On the night of 15 July 2016, Turkey witnessed its bloodiest coup attempt in the history of the Republic. The very essence and symbols of Turkish democracy came under bombardment for the first time. But despite its brutality and seriousness, the coup was an utter failure.
Al-Sharq Forum has published an “expert brief” by Dr. Omar Ashour* on the failed coup in Turkey that “attempts to understand why it failed and what lessons can be learned for coup-proofing and the future defense of Turkish democracy.”

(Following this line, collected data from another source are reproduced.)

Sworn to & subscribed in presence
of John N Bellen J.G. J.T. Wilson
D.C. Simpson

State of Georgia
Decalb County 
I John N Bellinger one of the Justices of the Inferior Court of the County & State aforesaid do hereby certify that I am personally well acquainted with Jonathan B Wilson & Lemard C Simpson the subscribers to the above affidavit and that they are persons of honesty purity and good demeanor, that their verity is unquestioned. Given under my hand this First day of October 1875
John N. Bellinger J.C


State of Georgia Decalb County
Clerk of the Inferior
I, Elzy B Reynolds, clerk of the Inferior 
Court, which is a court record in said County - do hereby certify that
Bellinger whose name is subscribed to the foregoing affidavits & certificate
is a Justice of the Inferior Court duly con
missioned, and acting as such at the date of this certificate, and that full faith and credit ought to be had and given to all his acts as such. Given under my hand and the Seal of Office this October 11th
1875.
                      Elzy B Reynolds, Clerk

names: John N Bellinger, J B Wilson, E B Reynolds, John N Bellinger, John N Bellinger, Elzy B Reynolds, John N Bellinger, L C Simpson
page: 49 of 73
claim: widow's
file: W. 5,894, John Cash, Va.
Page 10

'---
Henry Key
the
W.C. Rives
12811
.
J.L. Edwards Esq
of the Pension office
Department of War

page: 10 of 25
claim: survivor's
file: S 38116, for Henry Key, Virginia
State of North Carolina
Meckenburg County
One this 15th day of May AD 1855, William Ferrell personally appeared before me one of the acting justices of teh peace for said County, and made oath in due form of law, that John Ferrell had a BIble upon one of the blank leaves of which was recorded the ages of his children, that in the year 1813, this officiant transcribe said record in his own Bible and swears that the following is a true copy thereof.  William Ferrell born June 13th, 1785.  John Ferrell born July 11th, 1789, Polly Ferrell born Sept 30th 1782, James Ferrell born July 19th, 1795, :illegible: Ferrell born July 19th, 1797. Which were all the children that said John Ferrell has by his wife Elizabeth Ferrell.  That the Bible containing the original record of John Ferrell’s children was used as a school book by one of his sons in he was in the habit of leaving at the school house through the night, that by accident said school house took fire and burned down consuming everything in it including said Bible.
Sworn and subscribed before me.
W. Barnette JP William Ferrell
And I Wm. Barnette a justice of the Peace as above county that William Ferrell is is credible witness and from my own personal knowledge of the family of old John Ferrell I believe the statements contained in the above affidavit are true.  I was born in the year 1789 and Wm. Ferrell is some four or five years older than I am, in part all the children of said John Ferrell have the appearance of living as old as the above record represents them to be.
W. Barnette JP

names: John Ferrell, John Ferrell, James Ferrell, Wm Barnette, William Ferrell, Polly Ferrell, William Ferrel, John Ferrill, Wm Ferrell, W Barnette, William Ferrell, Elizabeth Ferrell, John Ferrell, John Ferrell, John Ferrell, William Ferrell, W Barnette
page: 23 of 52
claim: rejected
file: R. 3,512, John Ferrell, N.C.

The Bloody Hour of the Putschists:
The military coup attempt in Turkey was spearheaded by a group of high-ranking military commanders and factions within the army. The level of bloodshed and destruction was unprecedented in the other coups and coup-attempts Turkey has lived through. More than 250 citizens lost their lives and over 1,500 were wounded. The putschists were responsible for killing and wounding more Turks in a few hours than the so-called “Islamic State” Organization (IS) has killed and wounded over the past two years (214 killed and 893 wounded). Moreover, the parliament, the presidential palace and civilian targets were bombed by fighter jets paid for by the Turkish taxpayer and stolen by the putschists. Indeed, the very essence and symbols of Turkish democracy came under bombardment for the first time since the declaration of the Republic in October 1923. But despite its brutality and seriousness, the coup was an utter failure.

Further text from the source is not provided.